== Segment start ==

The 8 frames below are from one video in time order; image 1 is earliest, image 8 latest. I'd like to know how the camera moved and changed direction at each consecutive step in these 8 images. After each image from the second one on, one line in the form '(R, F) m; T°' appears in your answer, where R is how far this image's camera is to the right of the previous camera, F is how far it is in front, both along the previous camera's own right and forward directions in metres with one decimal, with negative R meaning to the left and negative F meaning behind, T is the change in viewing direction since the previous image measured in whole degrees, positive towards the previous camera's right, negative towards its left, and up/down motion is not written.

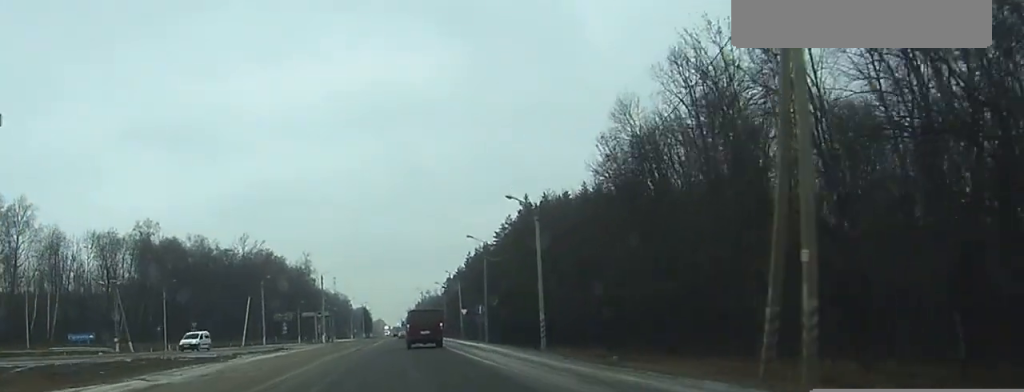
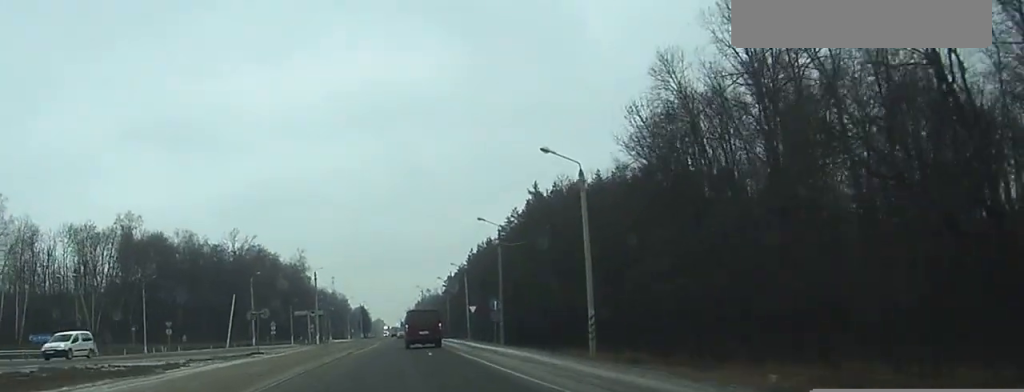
(0.0, +12.2) m; 0°
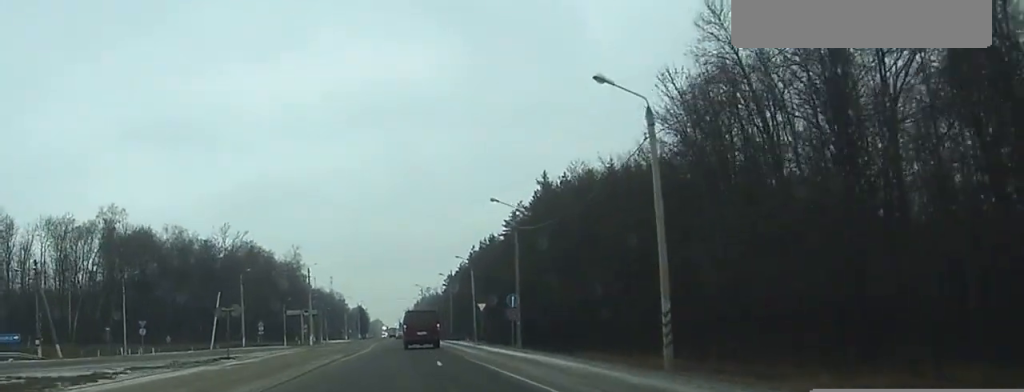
(0.0, +9.8) m; 0°
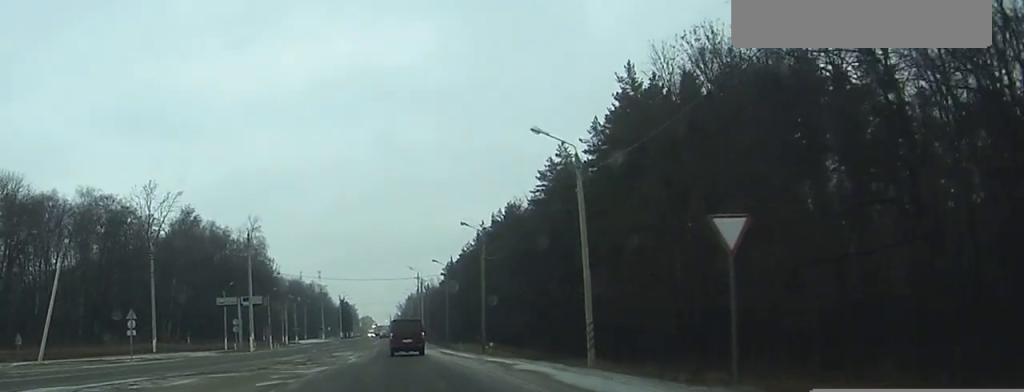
(-0.1, +53.6) m; 0°
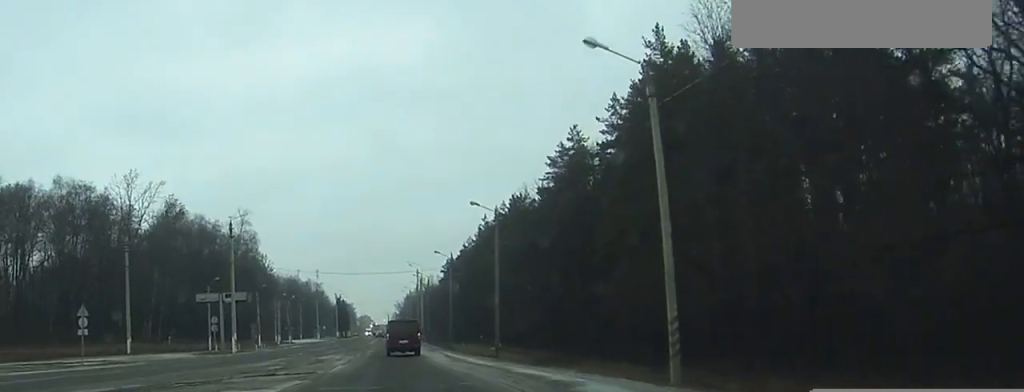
(0.0, +9.7) m; 0°
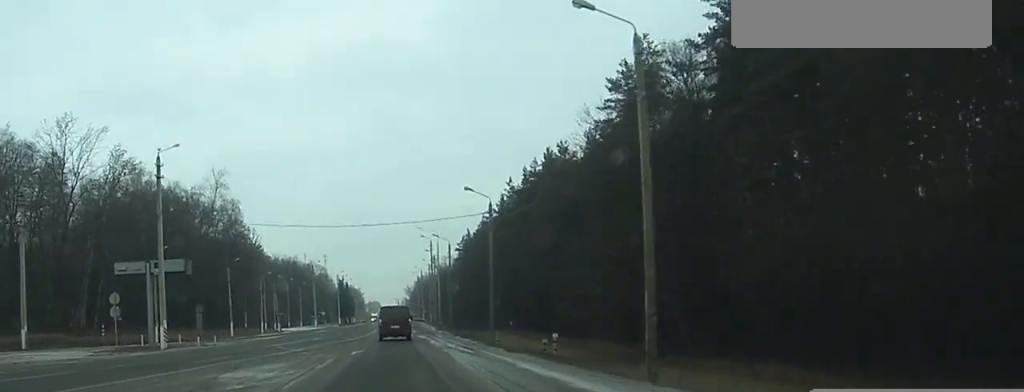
(-0.1, +30.5) m; 0°
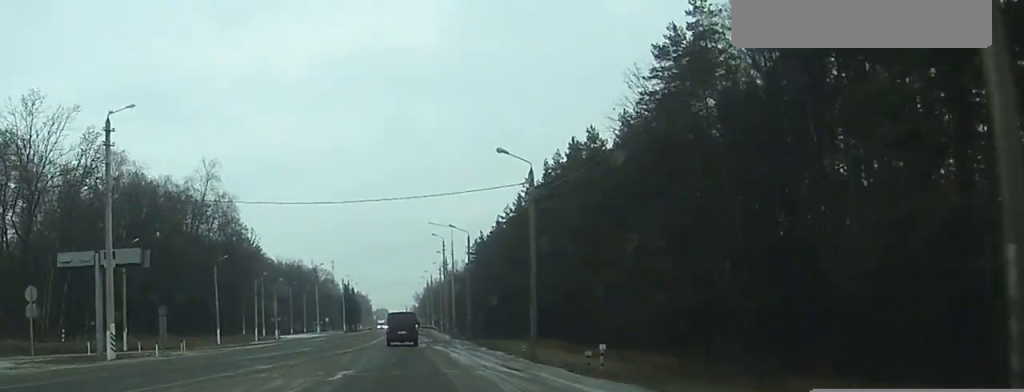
(0.0, +13.1) m; 0°
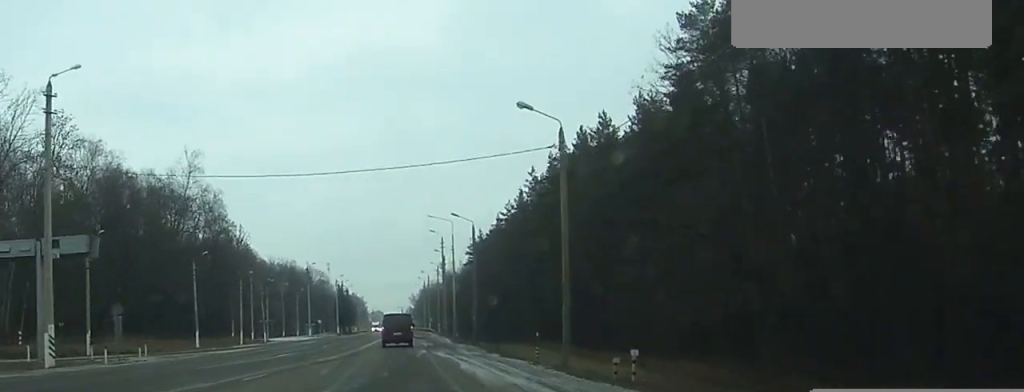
(0.0, +8.3) m; 0°

== Segment end ==

#### TASK PROMPT:
All of the entries above are to be restated word for word, minus the images.

#### SOLUTION TO THIS EXERCISE:
The 8 frames below are from one video in time order; image 1 is earliest, image 8 latest. I'd like to know how the camera moved and changed direction at each consecutive step in these 8 images. After each image from the second one on, one line in the form '(R, F) m; T°' appears in your answer, where R is how far this image's camera is to the right of the previous camera, F is how far it is in front, both along the previous camera's own right and forward directions in metres with one decimal, with negative R meaning to the left and negative F meaning behind, T is the change in viewing direction since the previous image measured in whole degrees, positive towards the previous camera's right, negative towards its left, and up/down motion is not written.

(0.0, +12.2) m; 0°
(0.0, +9.8) m; 0°
(-0.1, +53.6) m; 0°
(0.0, +9.7) m; 0°
(-0.1, +30.5) m; 0°
(0.0, +13.1) m; 0°
(0.0, +8.3) m; 0°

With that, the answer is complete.